***** Records shown *****

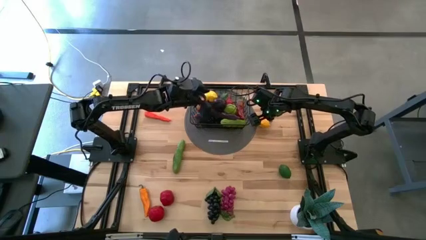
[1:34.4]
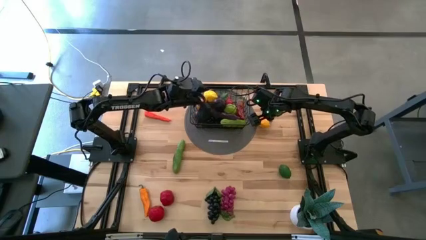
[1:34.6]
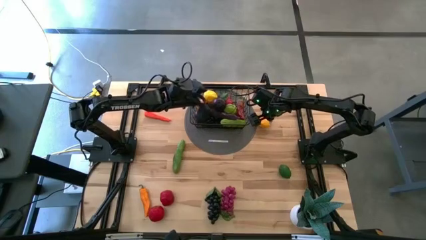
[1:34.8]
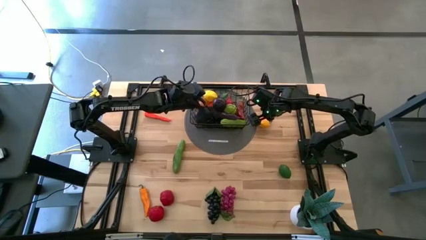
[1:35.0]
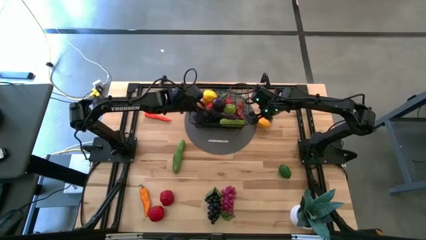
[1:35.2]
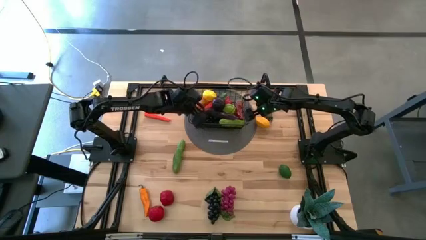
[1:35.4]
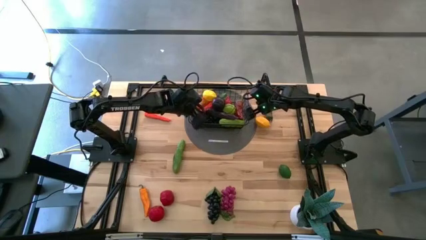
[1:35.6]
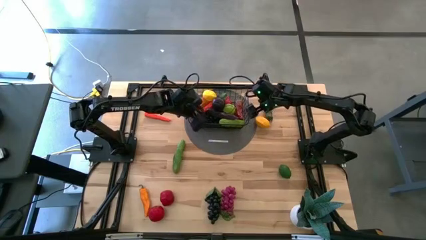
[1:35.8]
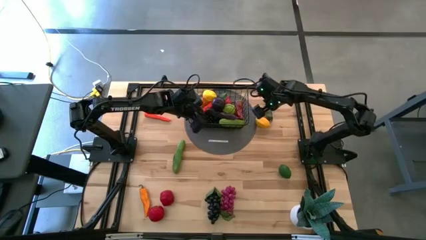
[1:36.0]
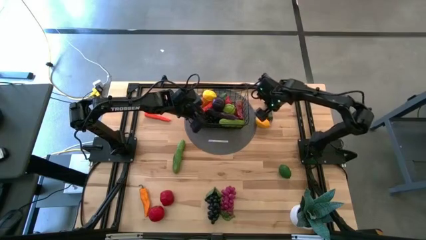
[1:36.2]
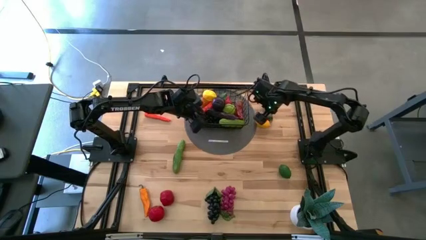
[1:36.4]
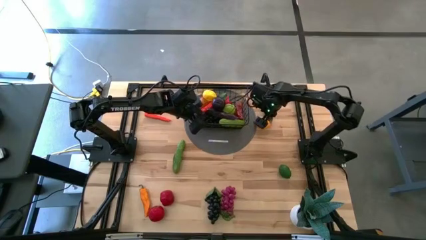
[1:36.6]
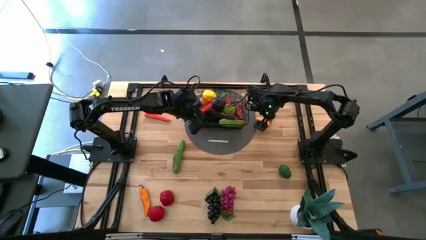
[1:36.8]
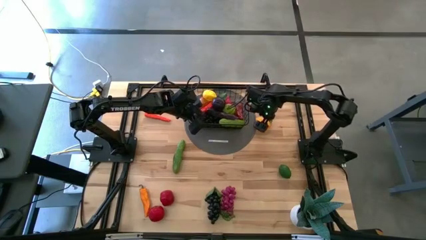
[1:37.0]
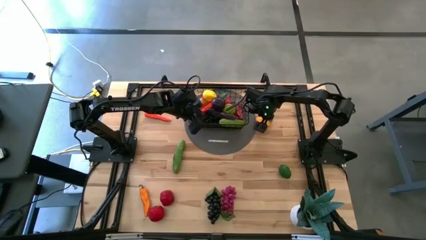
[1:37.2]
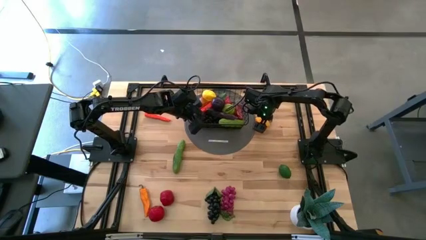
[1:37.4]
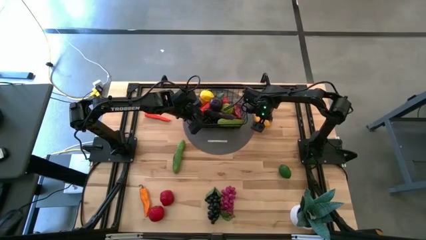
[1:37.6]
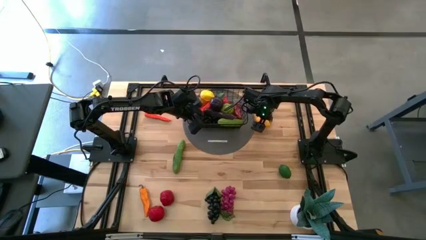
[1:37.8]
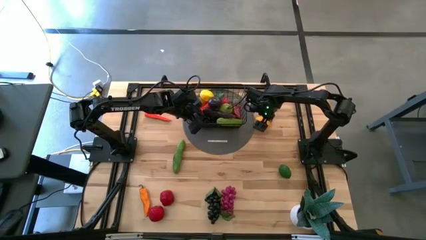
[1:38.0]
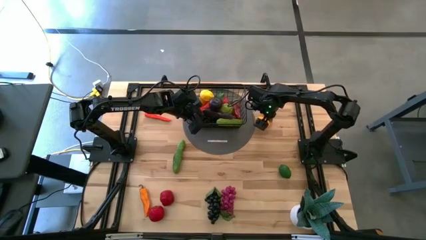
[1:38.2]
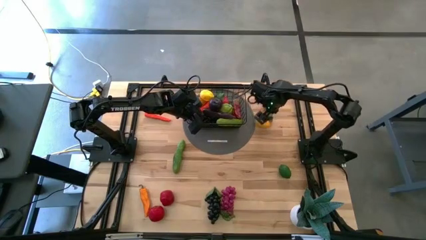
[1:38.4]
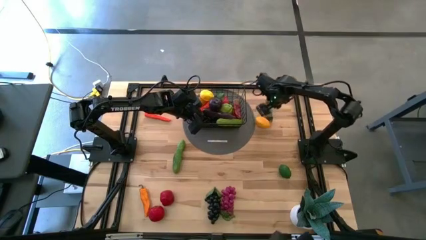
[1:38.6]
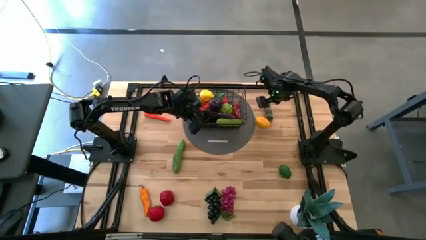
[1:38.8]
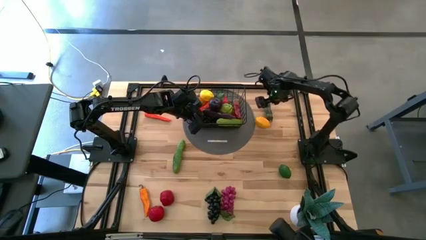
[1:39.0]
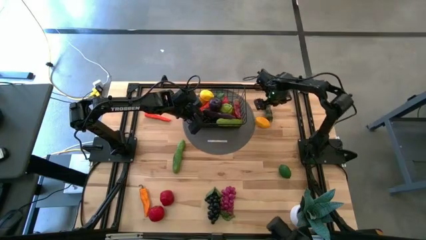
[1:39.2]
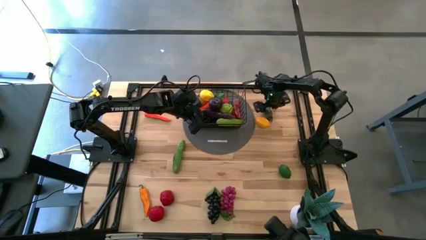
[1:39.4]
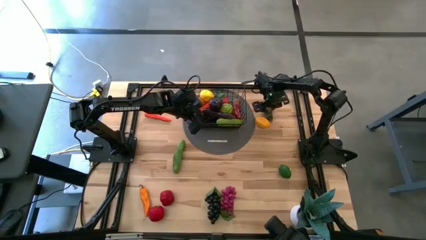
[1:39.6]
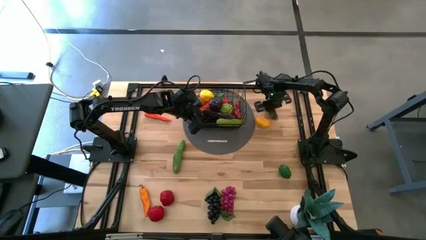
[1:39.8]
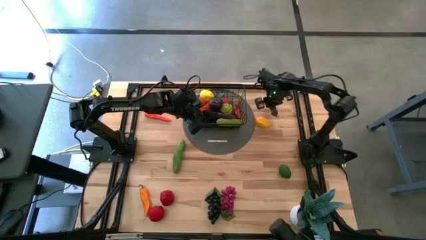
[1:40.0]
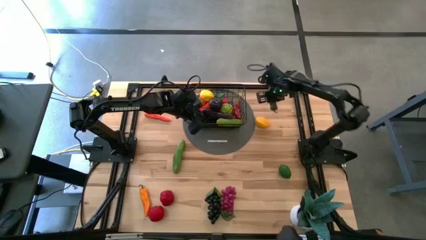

*****

Reproduce the data word for word, excluding its pictures.

■ **Task output**
[1:34.4]
[1:34.6]
[1:34.8]
[1:35.0]
[1:35.2]
[1:35.4]
[1:35.6]
[1:35.8]
[1:36.0]
[1:36.2]
[1:36.4]
[1:36.6]
[1:36.8]
[1:37.0]
[1:37.2]
[1:37.4]
[1:37.6]
[1:37.8]
[1:38.0]
[1:38.2]
[1:38.4]
[1:38.6]
[1:38.8]
[1:39.0]
[1:39.2]
[1:39.4]
[1:39.6]
[1:39.8]
[1:40.0]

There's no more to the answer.